#### [Task item]
Lift out all lines below that contain "clump".

[Data excerpts]
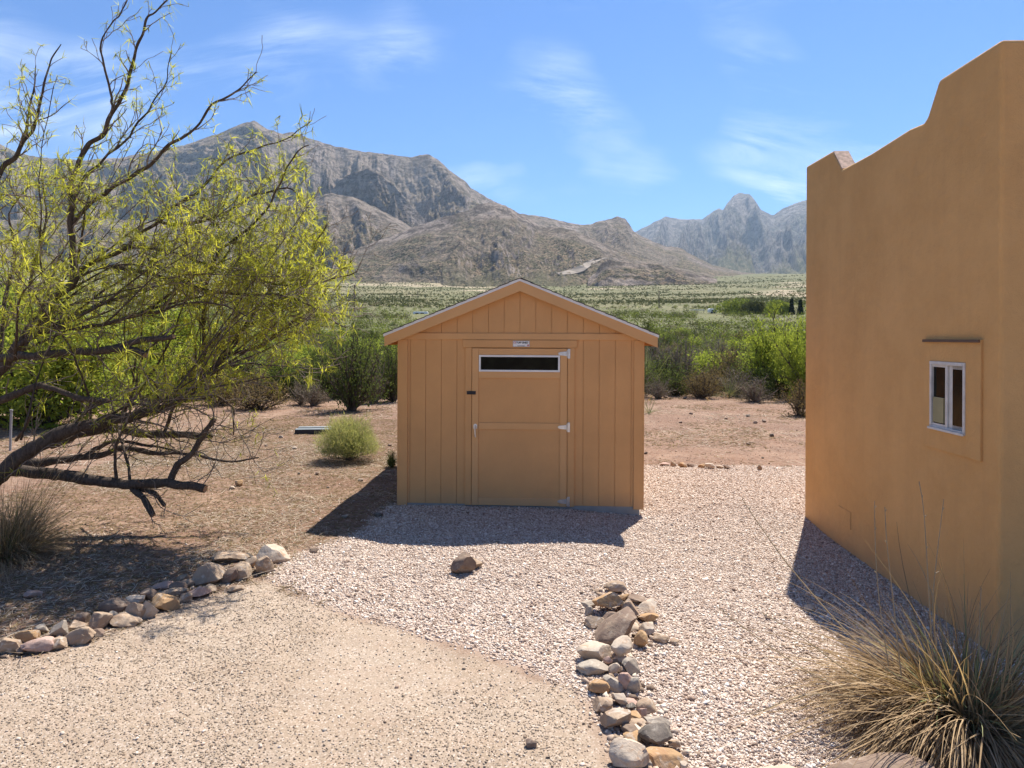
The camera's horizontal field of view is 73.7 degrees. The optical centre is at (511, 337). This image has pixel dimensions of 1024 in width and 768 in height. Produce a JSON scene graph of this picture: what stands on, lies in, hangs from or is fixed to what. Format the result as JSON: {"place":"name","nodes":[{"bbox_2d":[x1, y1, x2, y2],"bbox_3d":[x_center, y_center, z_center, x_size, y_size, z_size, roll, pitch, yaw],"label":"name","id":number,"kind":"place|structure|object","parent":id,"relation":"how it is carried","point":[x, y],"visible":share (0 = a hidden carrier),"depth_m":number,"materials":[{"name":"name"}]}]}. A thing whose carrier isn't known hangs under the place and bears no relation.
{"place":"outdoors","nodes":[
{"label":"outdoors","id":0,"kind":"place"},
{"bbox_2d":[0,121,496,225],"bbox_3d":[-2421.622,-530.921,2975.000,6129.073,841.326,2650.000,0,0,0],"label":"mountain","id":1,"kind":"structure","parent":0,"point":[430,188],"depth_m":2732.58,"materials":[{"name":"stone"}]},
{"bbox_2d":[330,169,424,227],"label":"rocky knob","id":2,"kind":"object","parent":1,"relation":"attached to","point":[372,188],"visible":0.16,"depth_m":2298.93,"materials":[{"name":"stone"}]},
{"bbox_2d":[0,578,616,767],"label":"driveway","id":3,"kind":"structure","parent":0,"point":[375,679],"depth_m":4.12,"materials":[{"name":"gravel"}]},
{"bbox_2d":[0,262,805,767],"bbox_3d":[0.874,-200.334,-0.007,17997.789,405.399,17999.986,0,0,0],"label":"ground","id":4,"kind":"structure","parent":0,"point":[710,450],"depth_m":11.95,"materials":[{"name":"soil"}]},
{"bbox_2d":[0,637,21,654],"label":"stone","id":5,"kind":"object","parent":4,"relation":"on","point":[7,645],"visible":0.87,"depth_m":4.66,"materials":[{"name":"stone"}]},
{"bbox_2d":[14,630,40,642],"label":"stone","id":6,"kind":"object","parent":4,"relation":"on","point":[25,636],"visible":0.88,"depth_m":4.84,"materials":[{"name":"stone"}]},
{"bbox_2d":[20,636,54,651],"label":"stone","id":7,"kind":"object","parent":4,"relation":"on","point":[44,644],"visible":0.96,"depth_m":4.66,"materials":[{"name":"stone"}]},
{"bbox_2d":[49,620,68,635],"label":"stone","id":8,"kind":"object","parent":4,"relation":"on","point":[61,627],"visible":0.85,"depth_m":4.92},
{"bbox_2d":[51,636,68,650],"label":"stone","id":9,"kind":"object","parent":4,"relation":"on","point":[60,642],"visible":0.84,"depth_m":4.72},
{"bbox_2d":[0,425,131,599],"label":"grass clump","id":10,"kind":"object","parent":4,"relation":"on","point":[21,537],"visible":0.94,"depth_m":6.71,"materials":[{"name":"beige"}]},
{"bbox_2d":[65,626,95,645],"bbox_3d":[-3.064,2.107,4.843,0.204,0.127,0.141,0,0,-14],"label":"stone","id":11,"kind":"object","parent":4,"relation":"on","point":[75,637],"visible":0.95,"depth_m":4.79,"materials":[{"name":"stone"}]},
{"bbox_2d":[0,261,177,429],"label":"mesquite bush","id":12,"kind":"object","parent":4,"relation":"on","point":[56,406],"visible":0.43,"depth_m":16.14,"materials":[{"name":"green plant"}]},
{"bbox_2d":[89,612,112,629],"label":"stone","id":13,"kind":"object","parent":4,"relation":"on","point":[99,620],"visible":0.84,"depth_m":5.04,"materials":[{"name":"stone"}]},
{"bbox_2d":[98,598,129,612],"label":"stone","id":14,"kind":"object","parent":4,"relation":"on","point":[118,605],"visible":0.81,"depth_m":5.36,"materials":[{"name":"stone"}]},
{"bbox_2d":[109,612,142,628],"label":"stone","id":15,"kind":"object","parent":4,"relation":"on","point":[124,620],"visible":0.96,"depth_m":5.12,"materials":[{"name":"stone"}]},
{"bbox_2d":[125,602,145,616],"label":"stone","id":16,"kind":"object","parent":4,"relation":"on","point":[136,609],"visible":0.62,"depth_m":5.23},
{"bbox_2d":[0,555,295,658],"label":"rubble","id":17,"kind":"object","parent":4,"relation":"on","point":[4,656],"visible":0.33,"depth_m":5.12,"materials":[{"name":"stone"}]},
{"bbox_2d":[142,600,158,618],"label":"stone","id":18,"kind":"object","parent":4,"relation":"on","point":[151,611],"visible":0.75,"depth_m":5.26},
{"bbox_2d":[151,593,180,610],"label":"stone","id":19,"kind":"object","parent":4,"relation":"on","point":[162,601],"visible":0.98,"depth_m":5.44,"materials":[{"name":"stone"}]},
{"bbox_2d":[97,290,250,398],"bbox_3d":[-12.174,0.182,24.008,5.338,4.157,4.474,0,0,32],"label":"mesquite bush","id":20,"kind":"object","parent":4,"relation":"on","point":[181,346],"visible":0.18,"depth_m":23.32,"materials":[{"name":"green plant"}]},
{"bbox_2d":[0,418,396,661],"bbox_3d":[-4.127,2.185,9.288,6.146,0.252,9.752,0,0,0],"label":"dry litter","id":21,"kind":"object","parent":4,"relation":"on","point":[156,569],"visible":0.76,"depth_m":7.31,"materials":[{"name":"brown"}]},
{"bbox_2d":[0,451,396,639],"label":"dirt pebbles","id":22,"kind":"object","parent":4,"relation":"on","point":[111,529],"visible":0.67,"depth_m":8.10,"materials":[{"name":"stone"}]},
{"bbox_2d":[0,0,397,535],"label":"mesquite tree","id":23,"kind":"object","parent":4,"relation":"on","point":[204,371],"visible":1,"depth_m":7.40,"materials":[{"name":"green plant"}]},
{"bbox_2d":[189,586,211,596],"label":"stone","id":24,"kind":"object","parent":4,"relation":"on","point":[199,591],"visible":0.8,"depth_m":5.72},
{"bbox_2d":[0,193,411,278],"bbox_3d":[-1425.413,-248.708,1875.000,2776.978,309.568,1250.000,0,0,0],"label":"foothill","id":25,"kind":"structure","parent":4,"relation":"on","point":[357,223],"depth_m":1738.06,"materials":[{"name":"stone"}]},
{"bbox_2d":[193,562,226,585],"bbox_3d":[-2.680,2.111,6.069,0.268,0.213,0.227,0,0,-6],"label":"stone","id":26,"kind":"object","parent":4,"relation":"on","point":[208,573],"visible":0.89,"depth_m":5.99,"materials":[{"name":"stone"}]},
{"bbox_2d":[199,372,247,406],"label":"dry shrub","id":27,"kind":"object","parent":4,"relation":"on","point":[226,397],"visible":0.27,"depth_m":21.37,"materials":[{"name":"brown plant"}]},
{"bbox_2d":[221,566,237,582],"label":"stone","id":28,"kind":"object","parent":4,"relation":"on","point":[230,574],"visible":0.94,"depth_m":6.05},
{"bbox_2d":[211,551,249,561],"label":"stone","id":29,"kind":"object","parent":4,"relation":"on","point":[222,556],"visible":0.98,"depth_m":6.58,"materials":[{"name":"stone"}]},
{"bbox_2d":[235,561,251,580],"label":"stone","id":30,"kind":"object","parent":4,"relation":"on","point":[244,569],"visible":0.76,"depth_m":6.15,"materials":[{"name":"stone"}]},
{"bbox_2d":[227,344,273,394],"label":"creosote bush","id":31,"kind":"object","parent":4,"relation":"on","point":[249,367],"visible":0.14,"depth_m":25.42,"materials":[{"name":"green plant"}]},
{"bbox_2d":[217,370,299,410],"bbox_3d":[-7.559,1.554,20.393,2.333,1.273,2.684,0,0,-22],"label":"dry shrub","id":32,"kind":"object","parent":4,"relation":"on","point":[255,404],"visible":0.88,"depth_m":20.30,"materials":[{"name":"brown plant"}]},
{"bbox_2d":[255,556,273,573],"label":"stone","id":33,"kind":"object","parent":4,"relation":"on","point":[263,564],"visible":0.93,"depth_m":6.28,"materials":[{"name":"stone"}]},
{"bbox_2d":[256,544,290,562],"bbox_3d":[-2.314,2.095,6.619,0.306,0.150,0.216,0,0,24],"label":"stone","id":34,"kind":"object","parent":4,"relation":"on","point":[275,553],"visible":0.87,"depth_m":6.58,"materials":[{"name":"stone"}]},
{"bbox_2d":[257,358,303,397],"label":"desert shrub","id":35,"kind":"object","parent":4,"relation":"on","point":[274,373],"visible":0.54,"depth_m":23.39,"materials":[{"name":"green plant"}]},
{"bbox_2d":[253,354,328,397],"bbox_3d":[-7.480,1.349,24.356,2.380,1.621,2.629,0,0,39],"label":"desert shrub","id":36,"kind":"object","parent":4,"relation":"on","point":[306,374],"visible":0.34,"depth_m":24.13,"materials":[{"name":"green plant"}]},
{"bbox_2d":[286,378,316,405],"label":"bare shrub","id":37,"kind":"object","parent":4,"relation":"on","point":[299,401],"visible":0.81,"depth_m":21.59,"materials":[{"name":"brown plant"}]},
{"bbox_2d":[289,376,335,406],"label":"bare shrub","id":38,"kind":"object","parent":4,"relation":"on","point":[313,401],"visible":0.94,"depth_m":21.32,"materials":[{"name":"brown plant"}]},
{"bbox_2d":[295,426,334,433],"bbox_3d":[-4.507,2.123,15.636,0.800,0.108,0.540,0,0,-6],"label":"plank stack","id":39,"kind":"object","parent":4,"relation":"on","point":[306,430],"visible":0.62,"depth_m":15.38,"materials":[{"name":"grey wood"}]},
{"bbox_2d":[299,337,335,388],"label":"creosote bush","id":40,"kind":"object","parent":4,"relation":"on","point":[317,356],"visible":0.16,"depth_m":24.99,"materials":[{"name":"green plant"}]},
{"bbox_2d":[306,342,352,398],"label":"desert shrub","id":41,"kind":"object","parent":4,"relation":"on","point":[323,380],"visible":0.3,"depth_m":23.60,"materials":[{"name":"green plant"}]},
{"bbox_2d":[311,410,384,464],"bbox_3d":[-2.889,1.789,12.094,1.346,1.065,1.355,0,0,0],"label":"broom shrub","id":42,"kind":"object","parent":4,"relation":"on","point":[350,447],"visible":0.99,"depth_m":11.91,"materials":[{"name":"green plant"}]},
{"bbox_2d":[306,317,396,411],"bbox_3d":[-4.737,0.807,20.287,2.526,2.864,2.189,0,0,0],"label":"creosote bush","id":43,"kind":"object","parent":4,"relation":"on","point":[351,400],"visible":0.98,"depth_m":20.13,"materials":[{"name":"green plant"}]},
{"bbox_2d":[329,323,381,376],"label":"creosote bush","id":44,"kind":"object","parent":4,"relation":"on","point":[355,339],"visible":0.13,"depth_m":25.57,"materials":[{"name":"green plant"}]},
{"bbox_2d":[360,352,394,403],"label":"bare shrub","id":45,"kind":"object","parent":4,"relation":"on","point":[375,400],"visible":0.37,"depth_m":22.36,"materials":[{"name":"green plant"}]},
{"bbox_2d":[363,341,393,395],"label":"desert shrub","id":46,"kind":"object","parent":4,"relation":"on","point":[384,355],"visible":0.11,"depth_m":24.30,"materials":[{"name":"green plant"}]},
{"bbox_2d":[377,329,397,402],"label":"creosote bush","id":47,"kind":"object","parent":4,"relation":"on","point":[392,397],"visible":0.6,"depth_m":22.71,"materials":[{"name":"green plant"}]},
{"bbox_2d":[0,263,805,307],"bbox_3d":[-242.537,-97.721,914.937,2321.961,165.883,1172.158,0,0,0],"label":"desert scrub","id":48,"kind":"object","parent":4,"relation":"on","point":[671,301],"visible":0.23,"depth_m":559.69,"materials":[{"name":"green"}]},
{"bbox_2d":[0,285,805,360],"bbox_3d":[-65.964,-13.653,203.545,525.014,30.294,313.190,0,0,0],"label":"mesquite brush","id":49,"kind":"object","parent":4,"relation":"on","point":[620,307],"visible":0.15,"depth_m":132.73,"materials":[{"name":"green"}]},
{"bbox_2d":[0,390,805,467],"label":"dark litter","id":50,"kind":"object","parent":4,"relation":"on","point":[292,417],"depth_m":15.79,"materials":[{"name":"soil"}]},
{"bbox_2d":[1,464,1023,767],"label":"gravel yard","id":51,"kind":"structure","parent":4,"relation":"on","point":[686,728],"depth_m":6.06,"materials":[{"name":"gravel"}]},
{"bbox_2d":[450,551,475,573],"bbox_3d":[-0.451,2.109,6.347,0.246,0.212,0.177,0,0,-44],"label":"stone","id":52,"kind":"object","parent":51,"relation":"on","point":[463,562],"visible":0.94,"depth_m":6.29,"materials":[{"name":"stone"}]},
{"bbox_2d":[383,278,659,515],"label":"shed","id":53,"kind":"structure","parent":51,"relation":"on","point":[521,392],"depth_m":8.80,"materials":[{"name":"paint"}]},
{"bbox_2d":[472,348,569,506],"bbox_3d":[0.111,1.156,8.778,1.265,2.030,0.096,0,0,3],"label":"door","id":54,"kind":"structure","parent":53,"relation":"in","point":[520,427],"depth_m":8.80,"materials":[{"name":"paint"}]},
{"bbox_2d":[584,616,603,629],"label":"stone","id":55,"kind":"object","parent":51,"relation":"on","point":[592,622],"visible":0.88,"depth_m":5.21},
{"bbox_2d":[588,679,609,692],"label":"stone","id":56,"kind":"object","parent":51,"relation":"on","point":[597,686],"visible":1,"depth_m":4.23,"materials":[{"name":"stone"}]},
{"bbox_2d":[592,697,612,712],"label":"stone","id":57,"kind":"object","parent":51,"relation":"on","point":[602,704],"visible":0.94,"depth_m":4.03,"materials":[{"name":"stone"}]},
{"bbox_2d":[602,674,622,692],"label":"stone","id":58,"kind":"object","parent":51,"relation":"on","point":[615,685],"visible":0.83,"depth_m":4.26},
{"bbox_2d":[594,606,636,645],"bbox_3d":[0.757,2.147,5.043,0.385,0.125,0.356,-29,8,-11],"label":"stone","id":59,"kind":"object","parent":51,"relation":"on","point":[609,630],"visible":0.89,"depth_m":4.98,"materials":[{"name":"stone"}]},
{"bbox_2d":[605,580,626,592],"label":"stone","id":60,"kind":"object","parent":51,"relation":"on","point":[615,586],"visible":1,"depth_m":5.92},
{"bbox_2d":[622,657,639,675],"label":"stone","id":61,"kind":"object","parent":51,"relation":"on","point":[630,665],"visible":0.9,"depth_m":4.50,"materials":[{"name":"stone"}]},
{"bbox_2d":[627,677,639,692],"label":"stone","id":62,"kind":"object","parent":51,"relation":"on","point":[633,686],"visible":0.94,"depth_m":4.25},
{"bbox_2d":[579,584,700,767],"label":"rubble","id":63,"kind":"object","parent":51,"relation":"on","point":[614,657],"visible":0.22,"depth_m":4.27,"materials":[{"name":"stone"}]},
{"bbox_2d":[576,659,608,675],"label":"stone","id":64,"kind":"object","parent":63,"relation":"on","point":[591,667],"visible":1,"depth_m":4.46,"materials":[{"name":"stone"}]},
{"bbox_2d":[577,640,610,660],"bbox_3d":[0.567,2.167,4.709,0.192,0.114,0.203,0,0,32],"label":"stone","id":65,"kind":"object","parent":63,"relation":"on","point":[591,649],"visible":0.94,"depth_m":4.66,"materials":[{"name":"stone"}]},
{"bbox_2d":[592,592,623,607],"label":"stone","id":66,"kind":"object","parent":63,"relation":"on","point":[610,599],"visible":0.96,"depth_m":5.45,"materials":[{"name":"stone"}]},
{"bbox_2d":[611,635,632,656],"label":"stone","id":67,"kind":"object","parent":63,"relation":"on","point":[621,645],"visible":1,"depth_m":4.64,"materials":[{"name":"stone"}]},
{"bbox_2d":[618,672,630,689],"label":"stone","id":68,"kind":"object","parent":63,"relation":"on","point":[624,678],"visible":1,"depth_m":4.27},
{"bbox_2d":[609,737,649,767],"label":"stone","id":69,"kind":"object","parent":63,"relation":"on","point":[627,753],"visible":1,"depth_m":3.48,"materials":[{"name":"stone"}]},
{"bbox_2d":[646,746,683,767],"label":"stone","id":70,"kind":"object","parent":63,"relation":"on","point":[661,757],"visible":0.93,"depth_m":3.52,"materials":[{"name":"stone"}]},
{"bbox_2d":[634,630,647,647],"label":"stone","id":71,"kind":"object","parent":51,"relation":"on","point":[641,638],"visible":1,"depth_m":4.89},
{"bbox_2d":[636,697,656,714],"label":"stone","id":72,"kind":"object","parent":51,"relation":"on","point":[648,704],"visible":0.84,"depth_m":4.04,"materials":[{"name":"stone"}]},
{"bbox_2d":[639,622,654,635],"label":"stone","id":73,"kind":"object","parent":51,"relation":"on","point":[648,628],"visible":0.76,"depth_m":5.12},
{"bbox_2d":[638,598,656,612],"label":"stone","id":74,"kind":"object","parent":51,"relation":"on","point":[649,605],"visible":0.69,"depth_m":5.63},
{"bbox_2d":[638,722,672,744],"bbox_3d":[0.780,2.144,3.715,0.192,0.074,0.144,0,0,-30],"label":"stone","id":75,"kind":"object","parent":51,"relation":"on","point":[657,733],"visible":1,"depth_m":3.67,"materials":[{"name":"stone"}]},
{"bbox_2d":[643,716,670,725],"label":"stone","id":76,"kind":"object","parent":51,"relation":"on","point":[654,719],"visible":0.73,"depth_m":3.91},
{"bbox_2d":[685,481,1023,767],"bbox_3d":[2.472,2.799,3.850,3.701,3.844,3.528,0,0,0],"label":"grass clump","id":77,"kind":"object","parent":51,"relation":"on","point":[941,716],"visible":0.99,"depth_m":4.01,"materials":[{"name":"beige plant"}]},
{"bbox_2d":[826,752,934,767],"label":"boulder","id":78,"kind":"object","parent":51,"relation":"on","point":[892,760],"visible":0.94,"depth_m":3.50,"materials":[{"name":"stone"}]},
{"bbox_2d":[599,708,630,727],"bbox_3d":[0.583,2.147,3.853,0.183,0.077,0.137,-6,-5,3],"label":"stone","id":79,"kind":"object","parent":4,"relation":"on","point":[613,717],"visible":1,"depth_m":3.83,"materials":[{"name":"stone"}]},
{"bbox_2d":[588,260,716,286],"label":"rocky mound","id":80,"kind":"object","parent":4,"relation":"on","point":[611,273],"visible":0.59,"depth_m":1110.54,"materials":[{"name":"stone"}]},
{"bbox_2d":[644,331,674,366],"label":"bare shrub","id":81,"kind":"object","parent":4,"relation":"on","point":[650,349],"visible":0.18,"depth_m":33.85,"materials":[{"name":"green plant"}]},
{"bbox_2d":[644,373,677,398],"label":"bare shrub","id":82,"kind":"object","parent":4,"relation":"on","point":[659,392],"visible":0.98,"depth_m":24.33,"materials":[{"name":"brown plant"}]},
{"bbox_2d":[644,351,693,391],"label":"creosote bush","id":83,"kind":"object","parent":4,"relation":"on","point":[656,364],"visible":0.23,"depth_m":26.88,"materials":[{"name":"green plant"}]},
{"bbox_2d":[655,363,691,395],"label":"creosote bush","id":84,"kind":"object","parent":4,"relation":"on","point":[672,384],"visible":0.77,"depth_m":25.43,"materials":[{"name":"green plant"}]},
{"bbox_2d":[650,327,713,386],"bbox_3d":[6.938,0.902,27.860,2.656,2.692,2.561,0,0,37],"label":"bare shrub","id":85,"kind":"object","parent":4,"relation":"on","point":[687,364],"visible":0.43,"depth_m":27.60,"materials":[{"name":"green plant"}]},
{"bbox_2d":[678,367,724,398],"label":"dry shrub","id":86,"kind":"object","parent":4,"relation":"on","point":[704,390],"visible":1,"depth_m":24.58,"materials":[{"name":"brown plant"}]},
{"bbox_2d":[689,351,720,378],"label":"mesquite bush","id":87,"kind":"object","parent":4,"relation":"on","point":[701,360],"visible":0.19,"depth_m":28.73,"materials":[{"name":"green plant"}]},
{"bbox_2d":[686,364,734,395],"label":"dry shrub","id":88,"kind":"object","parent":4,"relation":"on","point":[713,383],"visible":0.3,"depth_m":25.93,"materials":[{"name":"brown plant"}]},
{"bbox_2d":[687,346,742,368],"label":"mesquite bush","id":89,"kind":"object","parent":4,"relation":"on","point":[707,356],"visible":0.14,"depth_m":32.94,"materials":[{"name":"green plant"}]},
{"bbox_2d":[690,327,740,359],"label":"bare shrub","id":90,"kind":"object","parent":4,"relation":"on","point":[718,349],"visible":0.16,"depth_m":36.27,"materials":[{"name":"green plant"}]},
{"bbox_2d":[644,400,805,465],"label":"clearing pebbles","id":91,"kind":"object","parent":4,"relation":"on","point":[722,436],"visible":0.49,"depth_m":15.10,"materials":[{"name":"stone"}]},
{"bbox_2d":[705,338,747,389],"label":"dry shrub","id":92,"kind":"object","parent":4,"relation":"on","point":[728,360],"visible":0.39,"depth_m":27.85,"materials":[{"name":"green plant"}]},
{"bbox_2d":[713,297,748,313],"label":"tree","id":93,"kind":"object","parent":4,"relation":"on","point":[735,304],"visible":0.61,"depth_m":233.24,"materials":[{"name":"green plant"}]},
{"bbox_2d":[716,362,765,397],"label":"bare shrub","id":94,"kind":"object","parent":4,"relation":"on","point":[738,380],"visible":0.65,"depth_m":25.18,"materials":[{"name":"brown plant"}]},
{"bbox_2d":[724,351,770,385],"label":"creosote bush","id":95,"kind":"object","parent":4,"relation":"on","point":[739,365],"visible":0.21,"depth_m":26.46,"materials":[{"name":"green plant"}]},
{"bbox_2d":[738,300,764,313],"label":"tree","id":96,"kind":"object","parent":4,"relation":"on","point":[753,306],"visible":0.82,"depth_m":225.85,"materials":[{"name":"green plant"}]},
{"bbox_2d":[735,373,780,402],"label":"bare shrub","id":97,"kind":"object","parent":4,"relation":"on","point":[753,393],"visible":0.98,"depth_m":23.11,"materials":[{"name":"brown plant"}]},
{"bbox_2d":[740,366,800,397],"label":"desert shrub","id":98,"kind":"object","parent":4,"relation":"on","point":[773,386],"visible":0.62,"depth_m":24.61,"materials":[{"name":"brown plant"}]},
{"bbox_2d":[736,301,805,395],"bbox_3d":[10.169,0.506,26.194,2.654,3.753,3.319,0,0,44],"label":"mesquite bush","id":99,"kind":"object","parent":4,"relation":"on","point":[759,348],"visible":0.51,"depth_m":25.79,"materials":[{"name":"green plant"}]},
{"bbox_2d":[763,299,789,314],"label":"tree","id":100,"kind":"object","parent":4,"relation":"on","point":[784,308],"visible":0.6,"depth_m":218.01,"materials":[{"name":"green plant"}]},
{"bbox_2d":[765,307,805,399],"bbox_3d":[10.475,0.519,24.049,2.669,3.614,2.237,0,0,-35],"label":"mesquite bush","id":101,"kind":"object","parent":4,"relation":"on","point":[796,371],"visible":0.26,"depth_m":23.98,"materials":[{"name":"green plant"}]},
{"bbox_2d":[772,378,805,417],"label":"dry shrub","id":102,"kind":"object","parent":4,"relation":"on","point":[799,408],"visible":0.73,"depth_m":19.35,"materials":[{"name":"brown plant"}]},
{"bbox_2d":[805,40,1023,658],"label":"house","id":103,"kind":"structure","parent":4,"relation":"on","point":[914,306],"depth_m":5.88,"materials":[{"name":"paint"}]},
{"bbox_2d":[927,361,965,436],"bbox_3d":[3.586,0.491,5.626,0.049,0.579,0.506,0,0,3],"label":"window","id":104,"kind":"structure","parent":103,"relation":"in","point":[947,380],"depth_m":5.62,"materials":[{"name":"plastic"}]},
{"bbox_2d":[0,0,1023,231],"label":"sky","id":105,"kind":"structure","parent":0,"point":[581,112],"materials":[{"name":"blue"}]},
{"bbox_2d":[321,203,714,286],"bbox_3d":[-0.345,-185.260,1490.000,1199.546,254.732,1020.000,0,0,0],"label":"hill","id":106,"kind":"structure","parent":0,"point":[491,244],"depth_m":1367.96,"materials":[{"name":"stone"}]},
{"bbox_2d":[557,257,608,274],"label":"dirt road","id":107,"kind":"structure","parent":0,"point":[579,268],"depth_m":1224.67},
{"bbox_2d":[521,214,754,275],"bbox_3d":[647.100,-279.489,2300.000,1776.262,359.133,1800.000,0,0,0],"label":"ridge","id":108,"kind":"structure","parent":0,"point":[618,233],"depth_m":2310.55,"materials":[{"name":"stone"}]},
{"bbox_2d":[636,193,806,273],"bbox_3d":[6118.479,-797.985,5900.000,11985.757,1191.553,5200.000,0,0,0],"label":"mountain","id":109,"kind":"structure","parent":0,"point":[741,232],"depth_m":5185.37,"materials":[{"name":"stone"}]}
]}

#### [Response box]
{"bbox_2d":[0,425,131,599],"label":"grass clump","id":10,"kind":"object","parent":4,"relation":"on","point":[21,537],"visible":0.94,"depth_m":6.71,"materials":[{"name":"beige"}]},
{"bbox_2d":[685,481,1023,767],"bbox_3d":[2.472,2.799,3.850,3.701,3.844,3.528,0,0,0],"label":"grass clump","id":77,"kind":"object","parent":51,"relation":"on","point":[941,716],"visible":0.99,"depth_m":4.01,"materials":[{"name":"beige plant"}]},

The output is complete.